Posto a emergência de transformar a realidade que construímos até hoje e que já está dando sinais de insustentabilidade, sem dúvida, essas propostas levadas a sério, orientam para a necessidade de rever ou ampliar as abordagens que temos dado à pesquisa, aos currículos do ensino médio e superior e aos programas de intervenção que direta ou indiretamente estejam ligados à qualidade da vida, e sugerem a necessidade de formação de profissionais com essa sensibilidade e com potencial para ser um cidadão educador contínuo (VIEIRA, 1998; Vieira, RIBEIRO, 1999, Patrício, 1999a).

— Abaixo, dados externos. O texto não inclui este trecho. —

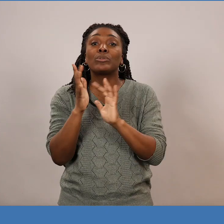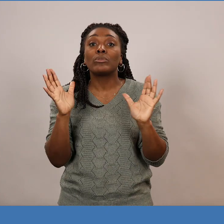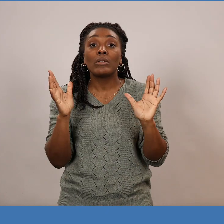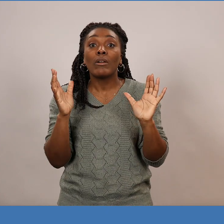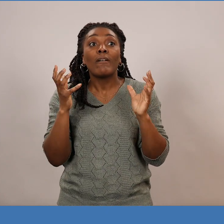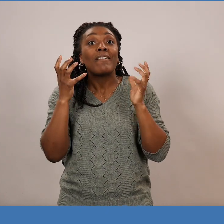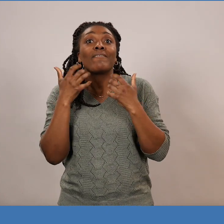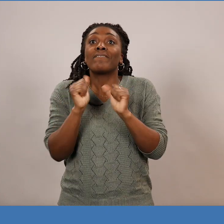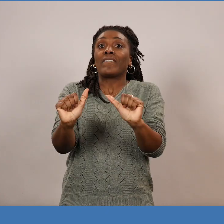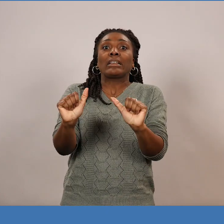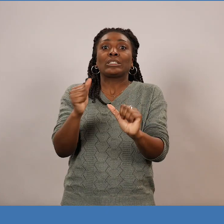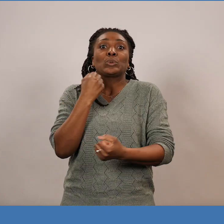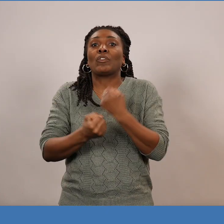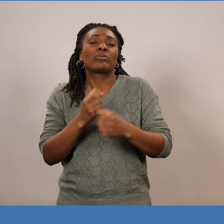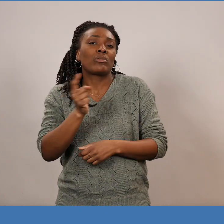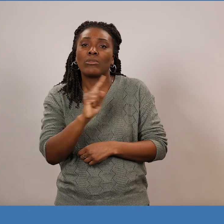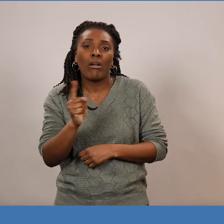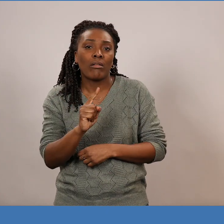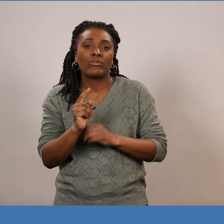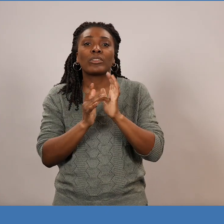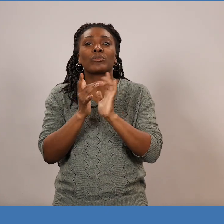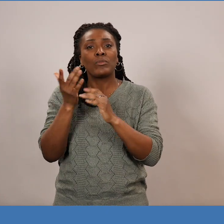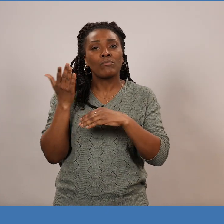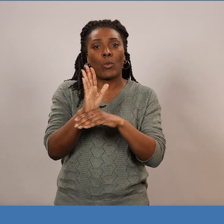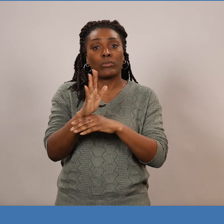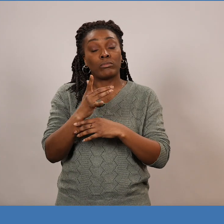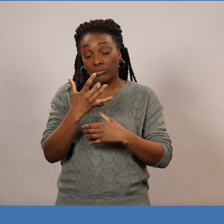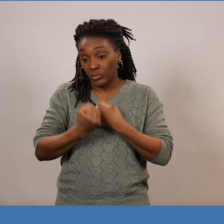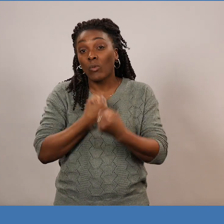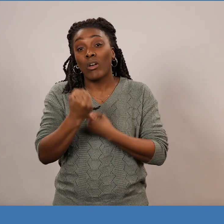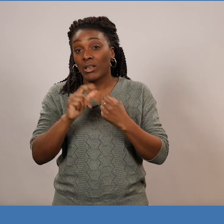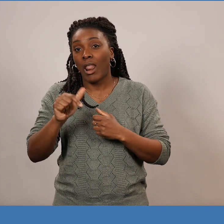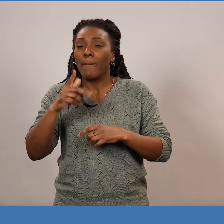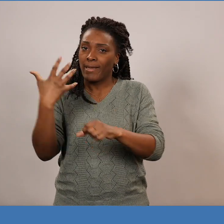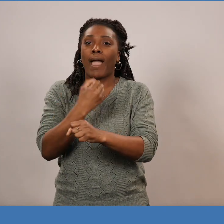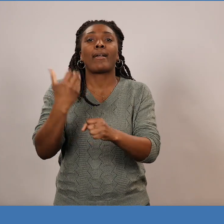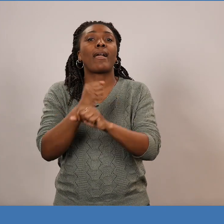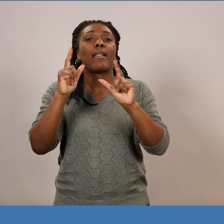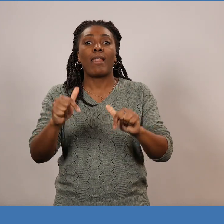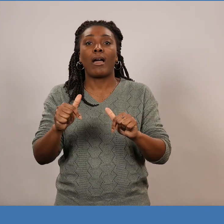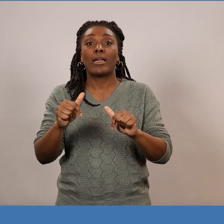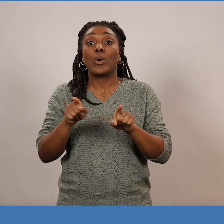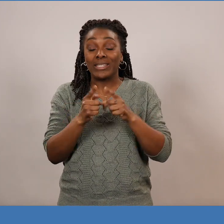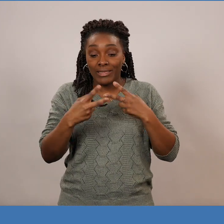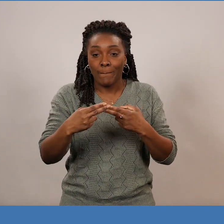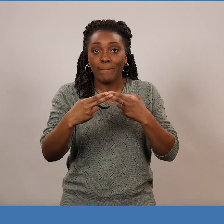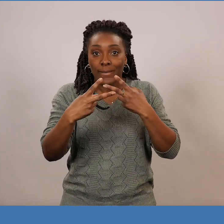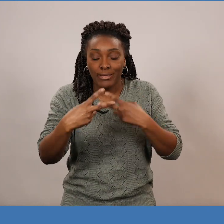la souffrance. Il a compris que, dans la vie, on souffre et on gagne. Chaque étape de
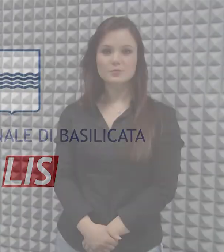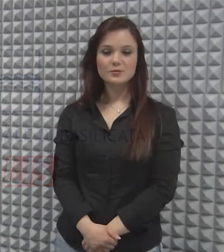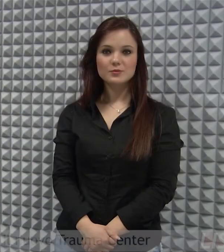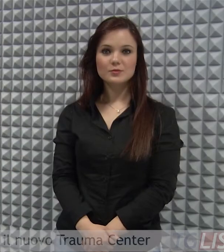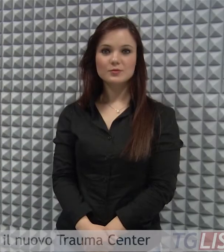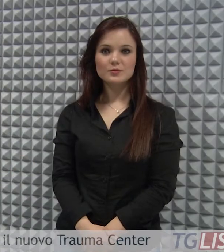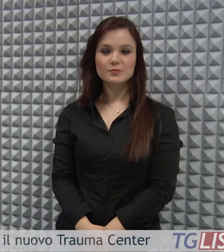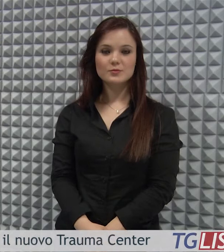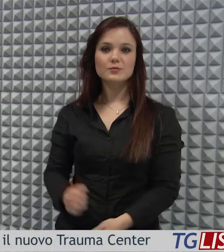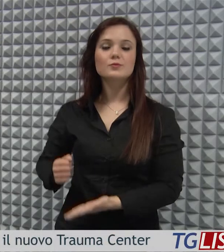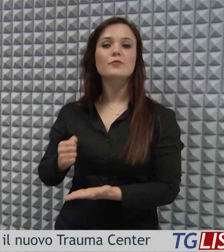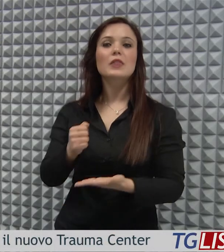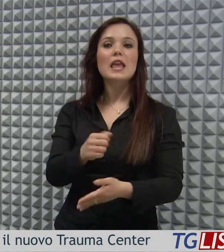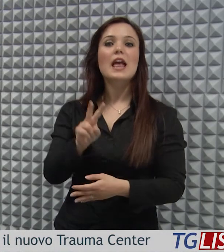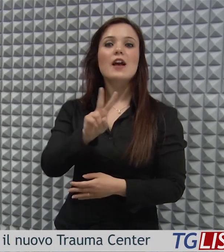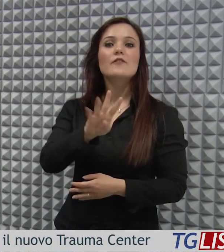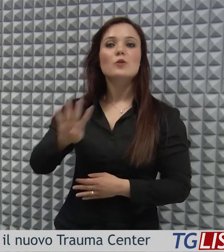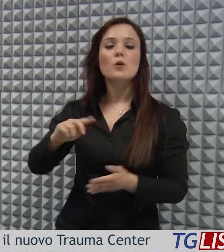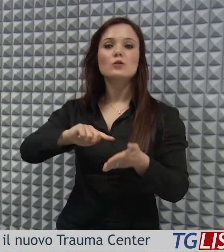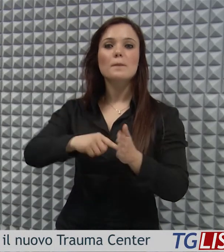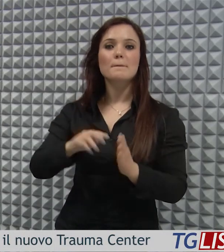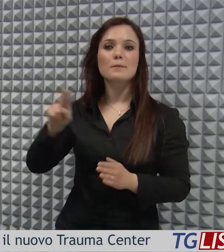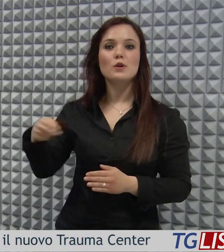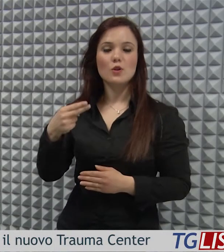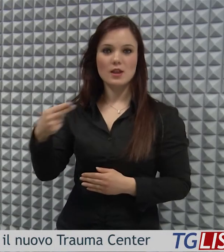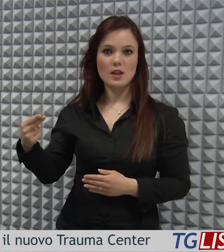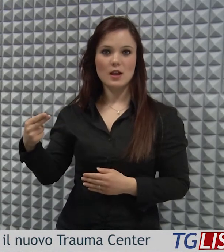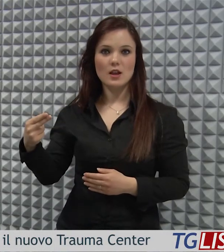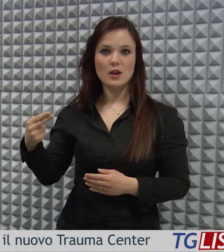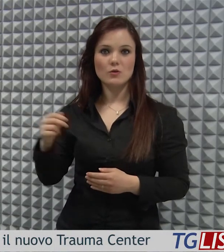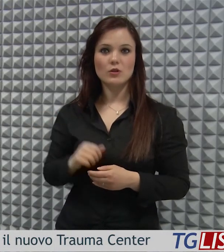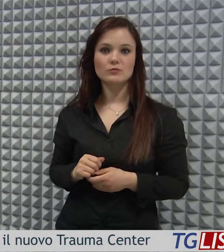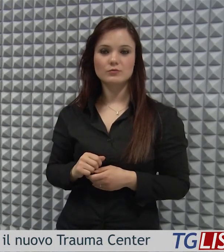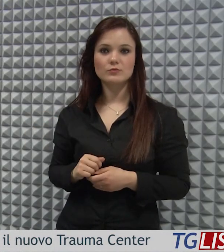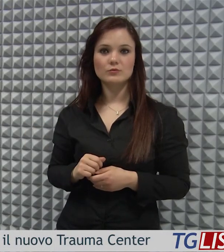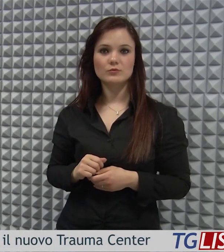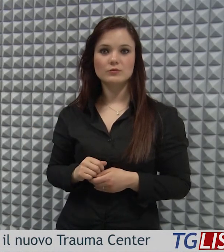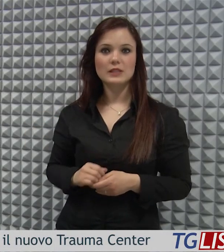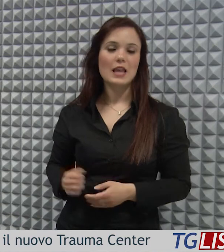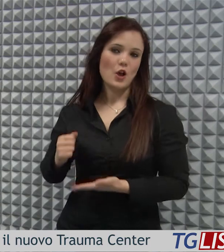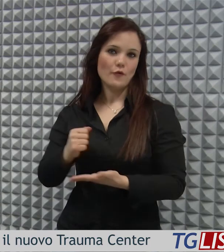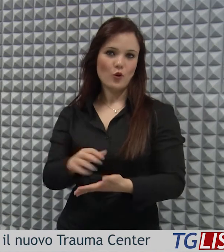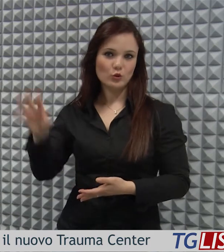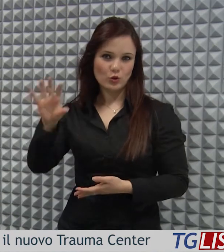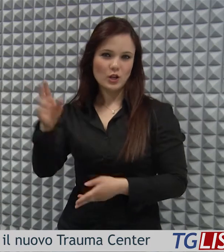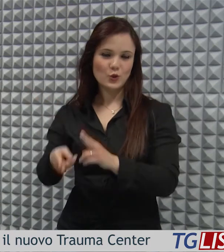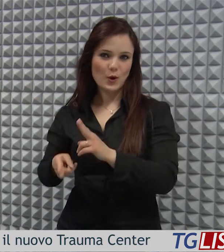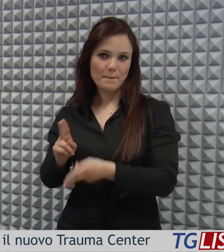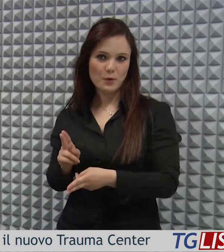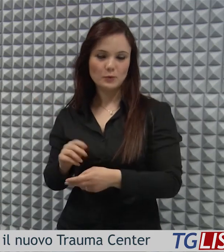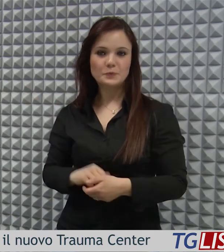Un investimento di 24 milioni di euro in buona parte fondi regionali,

5INTRODUÇÃO À PRÁTICA DE PESQUISA SOCIOAMBIENTAL

Na proposta de compreender a complexidade da vida e de inventar e aplicar soluções para seus problemas, é imprescindível estimular a exploração de conhecimentos no meio acadêmico e em outros contextos públicos ou privados, que tenham base em princípios éticos e estéticos de viver saudável individual-coletivo. Nesse ponto de vista, uma pesquisa precisa incorporar objetivos que identifiquem limitações (problemas) e também possibilidades de modificação envolvendo recursos sociais e ambientais, incluindo políticas públicas da mesma natureza, o que, de certa forma, conduz para a abordagem interdisciplinar, na visão e nas ações (Patrício, 1990; 1995a; 1999a).

Neste sentido, a realidade atual e o resgate da História humana quando analisadas sob o ponto de vista de princípios inseridos em paradigmas emergentes, denominados "holísticos", "sistêmicos", "ecológicos" e de "complexidade", promovem a percepção de que todas as disciplinas que trabalham com o ser humano, na produção de conhecimento ou na prestação de serviços, precisam resgatar a compreensão da integralidade da vida. Isso exige a percepção da universalidade, diversidade e unicidade do ser humano; de suas características individuais e coletivas, expressas nas suas especificidades biológico-cultural, afetiva e espiritual que estão sendo construídas na complexa teia da vida individual-coletiva. Aqueles princípios também estimulam a percepção do potencial humano de razão e sensibilidade que potencializa os indivíduos para transformar a realidade e para ser transformado, nos processos de interações interdependentes que desenvolve no emaranhado ambiente ecológico-cultural, local e universal, da sua história de vida (Patrício, 1995a, 1999a).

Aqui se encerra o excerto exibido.